No, the word isn’t a trigger, not in the psychological sense of directly recalling traumatic memory relived in the body. In my own mouth or off the lips of others who know it is not just a word—but a trace or haunting one survives by trying to forget, an individual memory, a web of intergenerational experiences, an institutional mode of domination wielded unevenly by structures of power—the word has gravity.
Paradoxically, that gravity unburdens me of its weight; which is to say, I can stomach the word when couched in care. But it’s a gut punch, the way it’s often used—the casualness, the flippancy.
Once I tried explaining this to Live Laugh Limp Bizkit, in abstract terms, after he made a rape joke.
“What?” Lackadaisical, bare feet hanging off my bed, eyes fixed on his phone. “It’s not a big deal. It’s just a joke.”
I spin around, leaving the room, dizzy with rage. “Easy for you to say!” I shout from the bathroom, wondering if he even understands what I just told him.
I realize that I hope he doesn’t.
***
Critique should not be confused with condemnation. Harmful hexes on human personality are not fixed, unmovable. People across the spectrum of situated identities can choose to move through the world and build relationships differently, to lean into what Margeaux Feldman calls “hysterical intimacies.” In their words:
“Hysterical intimacies reveal the ways in which the oppressions we experience do not come from our individual shortcomings, but rather are the direct result of the structures of oppression that produce great trauma. Hysterical intimacies recognize that interdependence enables us to resist and heal from the systemic and individual traumas that have made us sick. Within the landscape of hysterical intimacies, the sick person receives the care and intimacy they have been denied.”

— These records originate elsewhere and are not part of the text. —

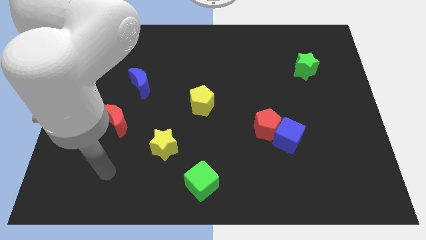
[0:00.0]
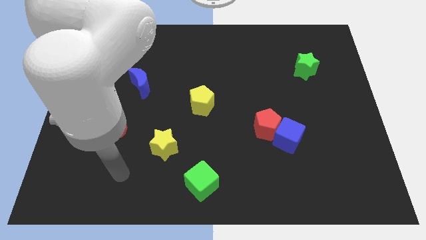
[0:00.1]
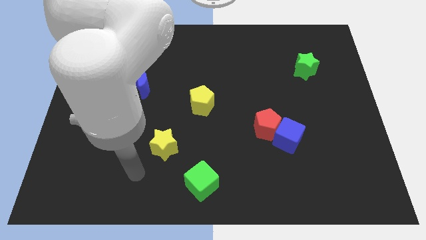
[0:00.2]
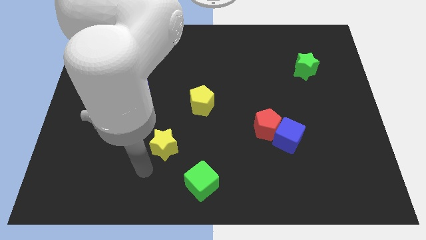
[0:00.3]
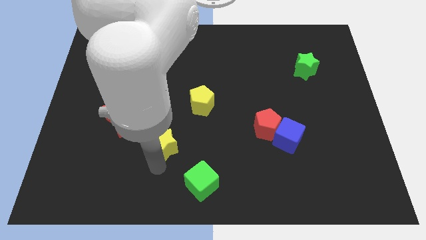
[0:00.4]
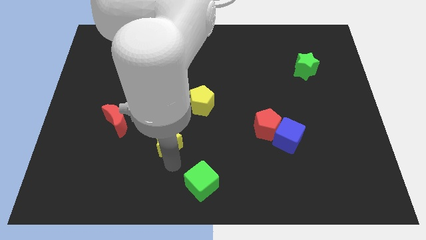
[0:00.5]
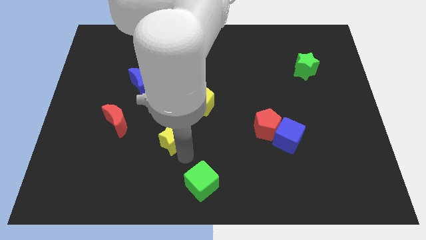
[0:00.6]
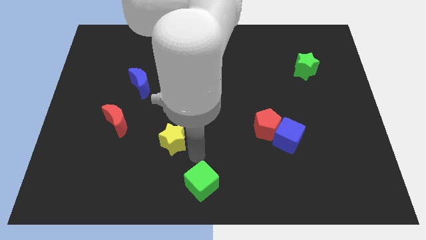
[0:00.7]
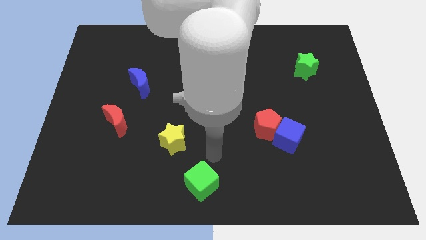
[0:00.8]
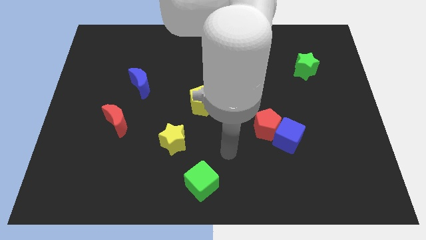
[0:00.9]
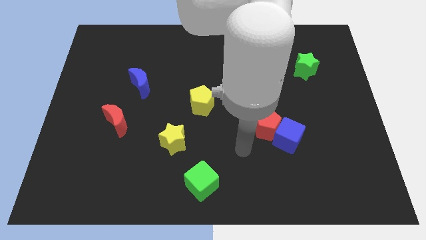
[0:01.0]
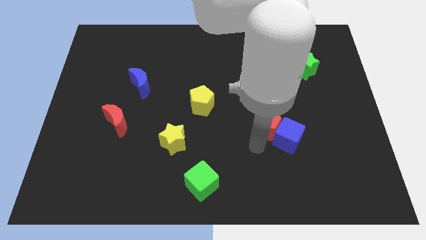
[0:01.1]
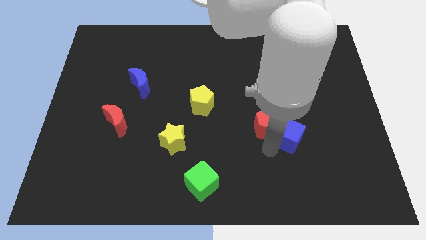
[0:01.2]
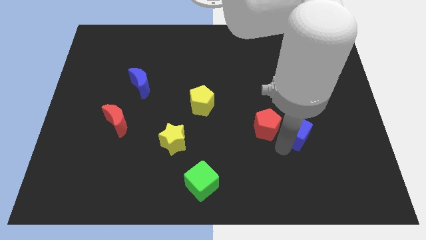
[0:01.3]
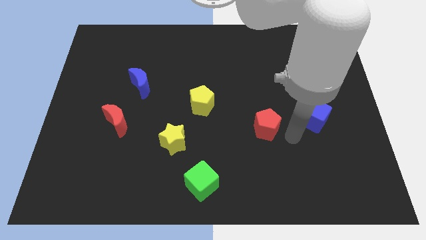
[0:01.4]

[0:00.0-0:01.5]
move the red pentagon away from the blue cube

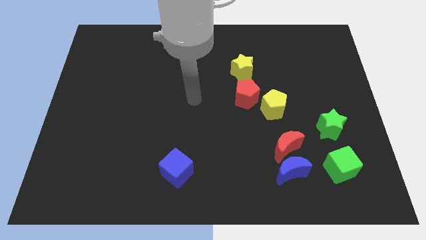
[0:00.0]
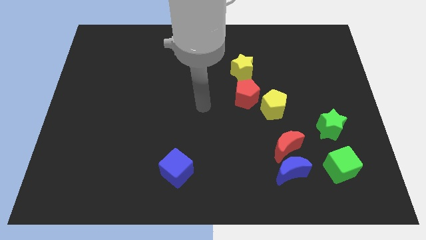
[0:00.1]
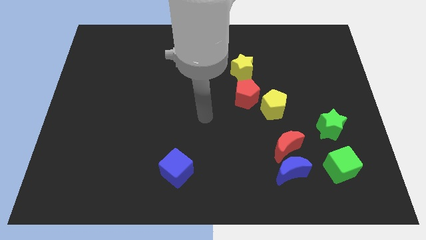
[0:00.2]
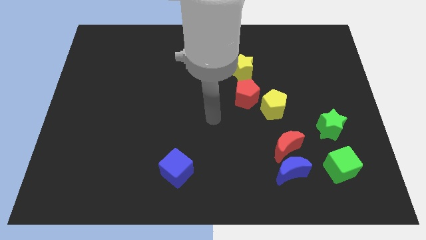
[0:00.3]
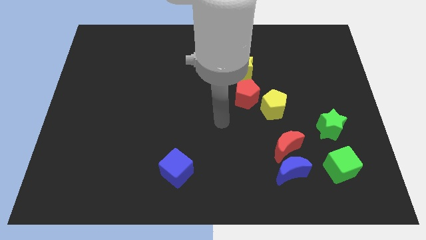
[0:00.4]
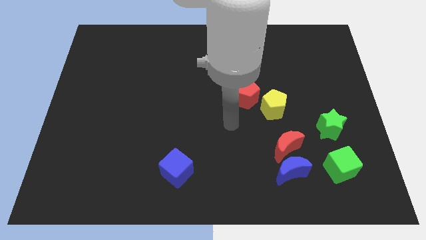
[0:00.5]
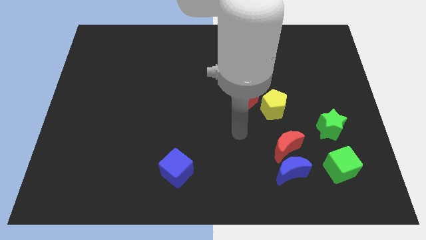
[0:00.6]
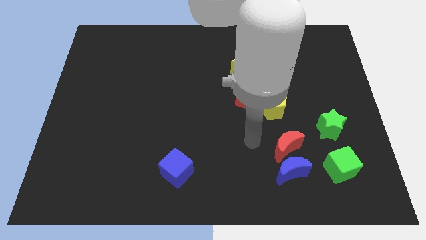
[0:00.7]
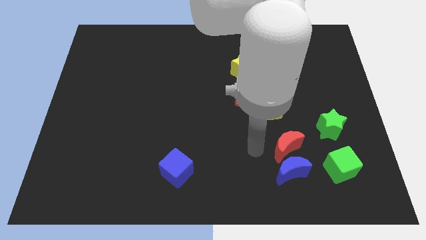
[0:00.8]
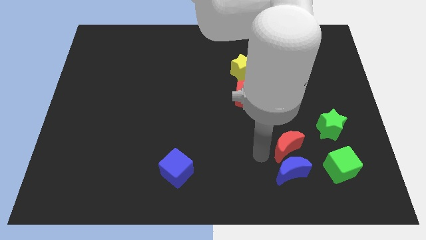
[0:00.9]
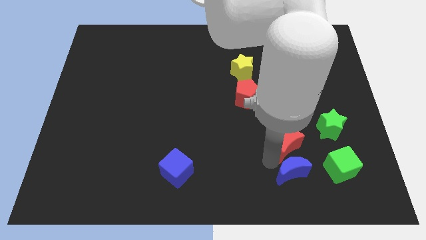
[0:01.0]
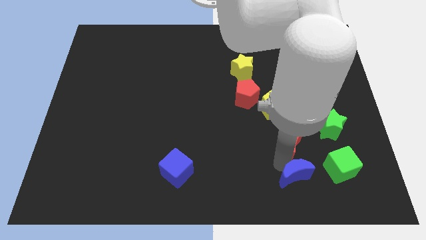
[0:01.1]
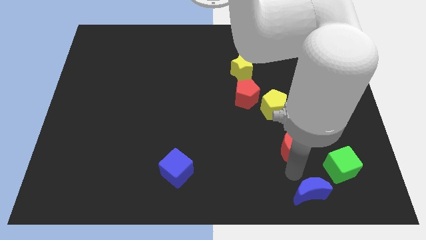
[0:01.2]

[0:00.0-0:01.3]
pull the red moon apart from the blue moon

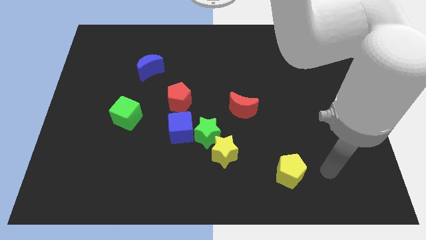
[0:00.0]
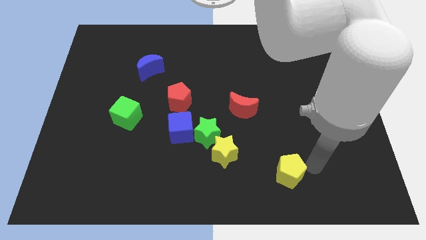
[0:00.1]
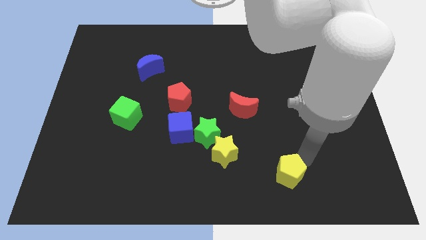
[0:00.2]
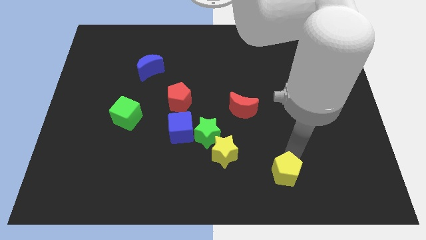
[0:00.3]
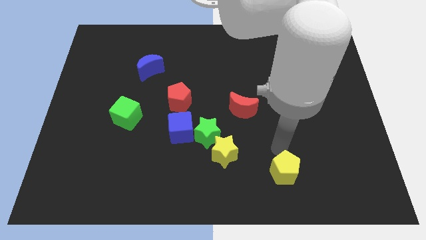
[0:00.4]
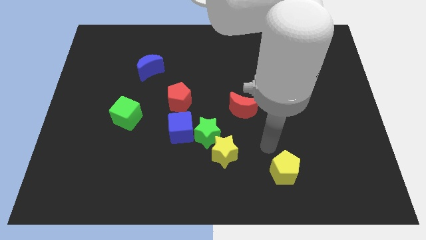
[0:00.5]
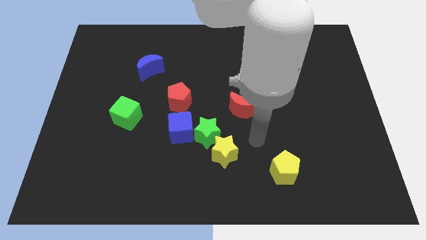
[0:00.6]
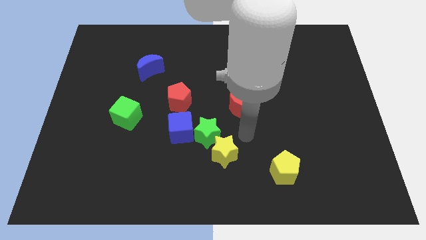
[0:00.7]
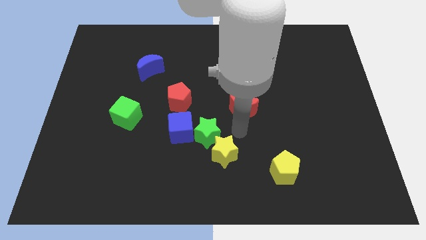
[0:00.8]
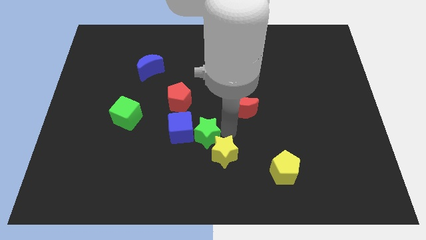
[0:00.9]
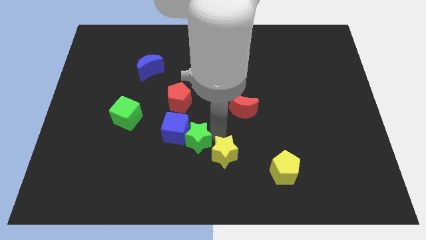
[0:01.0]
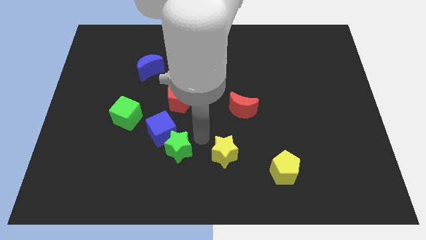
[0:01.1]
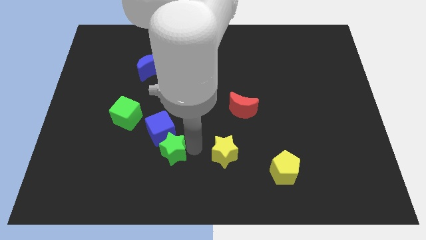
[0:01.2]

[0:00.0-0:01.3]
move the yellow star away from the green star

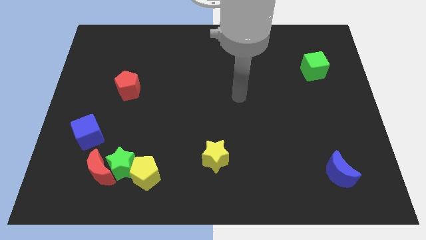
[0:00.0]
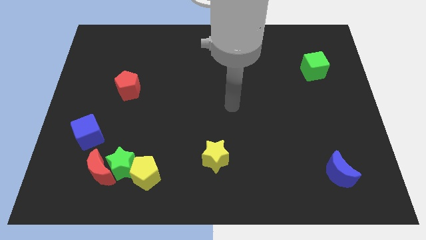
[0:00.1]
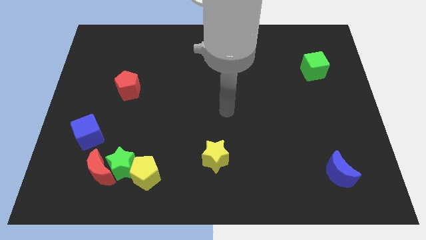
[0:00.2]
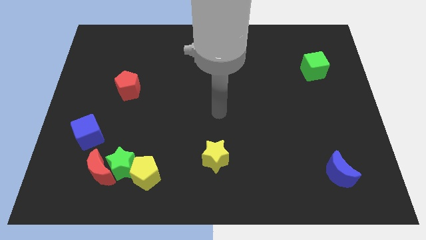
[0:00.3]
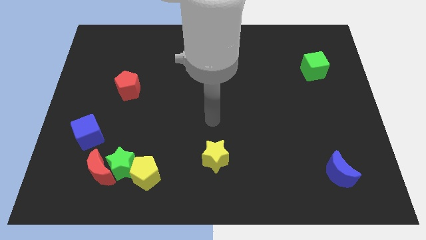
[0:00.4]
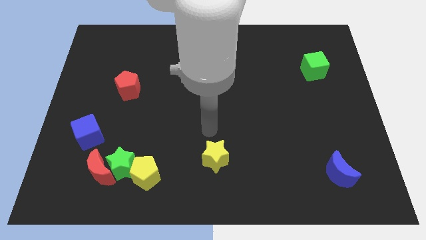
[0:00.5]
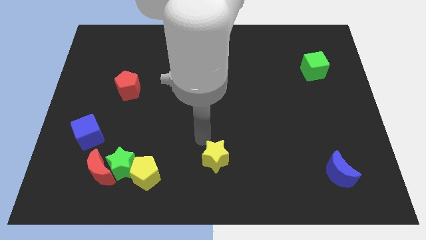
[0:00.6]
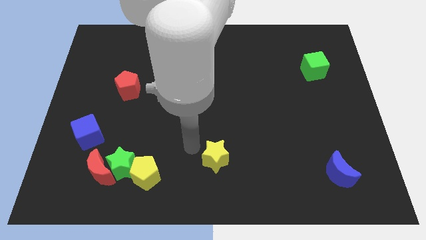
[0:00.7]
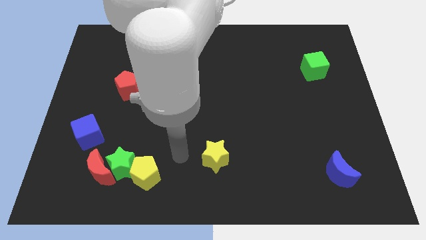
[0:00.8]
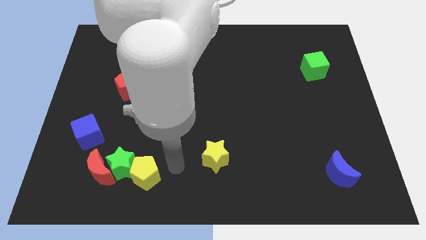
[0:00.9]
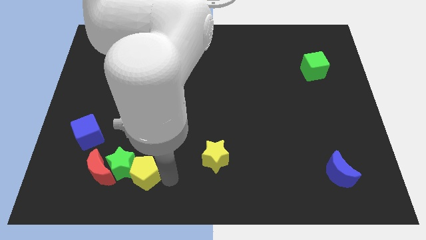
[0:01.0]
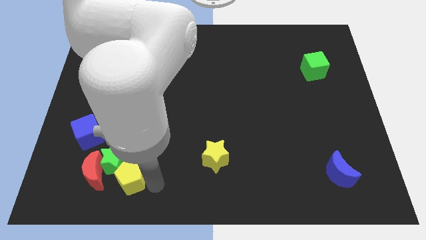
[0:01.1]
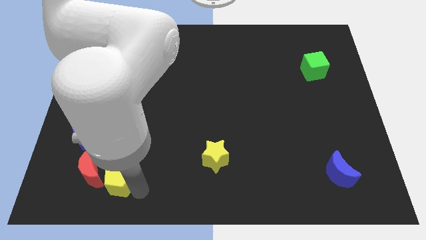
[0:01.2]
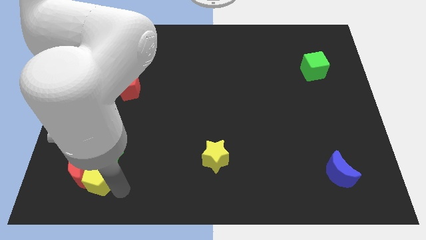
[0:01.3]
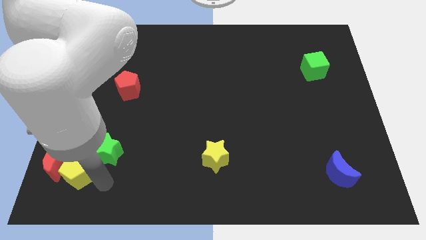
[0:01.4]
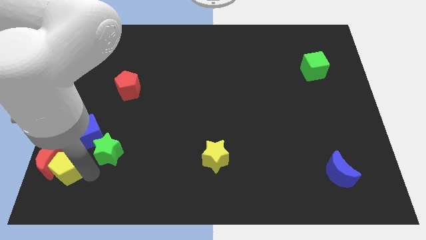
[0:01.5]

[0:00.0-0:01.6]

Poetry is part of the landscape shaping transformative ways of being together, of assembling new possibilities that unclench fists, uncurl fingers. For instance, Nayyirah Waheed’s Salt beautifully maps an erotics of non-hierarchical relationality in the face of trauma. She writes: “i want more ‘men’ / with flowers falling from their skin,” … “flowers pouring from [their] chest.”2
***
I recall two stories I wrote as a child. One, about a little girl escaping through her bedroom window into an unknown expanse of blossoming undergrowth. Another, about the impact of a dinosaur’s destructive drive in an art gallery, cluelessly puncturing canvas with sharp teeth. The all-too-human impulse to render illegible what one desires. Picket fences as pocketknives. To protect and project our deepest fears, inexplicably and inextricably tied to something knottier than an oversimplified story about hate’s innate iteration—bound not to the aftermath of betrayal, but to the terrifying act of loving in the face of it. The weight of it. Betrayal is a backhanded confession of one’s limits to loving another.
Toni Morrison explains, “People always tell me that I am writing about love. Always, always love. I nod, yes, but it isn’t true—not exactly. In fact, I am always writing about betrayal. Love is the weather. Betrayal is the lightning that cleaves and reveals it.”3
Betrayal, the sudden apparition of an apparently unbearable responsibility to preserve the safety of our precious pieces, fragmented into fangs, repurposed as art objects. Desire is an escape artist in a gallery of glinting teeth.